Thanks, but I’ve changed my kernel and now it takes single args instead of struct. Now I’ve the problems described before.

This does not solve the problem of device pointers vs. host pointers. It just makes it a bit more obvious that you have to do something about it.

I’ve resolved that problem, because now I’ve allocated every device pointer with cudaMalloc, as SPWorley said me. In fact now I’ve results still a little different as regards the originals, but they are always the same at every kernel launch (first I had results different at every kernel launch, just because there was that problem with pointers).

Now I would know how correct these results and why it takes so long to execute.

Your speed issues are a separate problem. They come from using a single thread on a GPU (you will likely want to be running something like 256 threads on each of 1000 blocks), and from having poor memory access patterns. These are big design issues… the first will hurt you by over two orders of magnitude, the second by one order of magnitude.
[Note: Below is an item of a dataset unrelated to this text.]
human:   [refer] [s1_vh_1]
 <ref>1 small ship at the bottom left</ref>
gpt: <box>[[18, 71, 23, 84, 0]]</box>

But take it one step at a time. Just getting code actually running on the GPU is a satisfying subgoal.

That’s right, in fact at the moment, speed is a secondary problem. However it’s strange, because before change the code, I had one thread anyway.
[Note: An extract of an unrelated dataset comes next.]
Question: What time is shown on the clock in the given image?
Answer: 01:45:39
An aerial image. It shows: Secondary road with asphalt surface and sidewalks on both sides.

The results have priority and I don’t know why they are still incorrect. :(

Before the change in code, you were crashing your kernel because you were dereferencing host pointers on the device. You were just measuring how fast the kernel can crash, not how fast your computation was.

You’re not checking for any error return from your kernel launch… that would let you print an error when a kernel fails.

Ok, thanks. Understood. ;)

Any idea concerning the results?

Another question is:

If I wanted to alloc every field of the struct in device, how can I did that? For example if I have this struct:

typedef struct {

   int *integer;

   float *floating_point;

} structure

How can I alloc integer and floating_point fields in device, since I can’t dereferencing them in host code?

It’s multiple steps, prone to error, but not too hard. But there’s no reason to… the structure gives you no advantages whatsoever, and has speed penalties because of the extra dereferencing.

But the process is to create a host structure, and populate its pointers using cudaMalloc so you have a host structure filled with device pointers. Then you cudamalloc a device structure, and cudamemcopy the host structure data into the device structure memory. Then you pass the device pointer of the device struct.

Lots of extra steps with no benefit. It can admittedly be useful when you have even more arguments (like 30+), but you’re not there yet.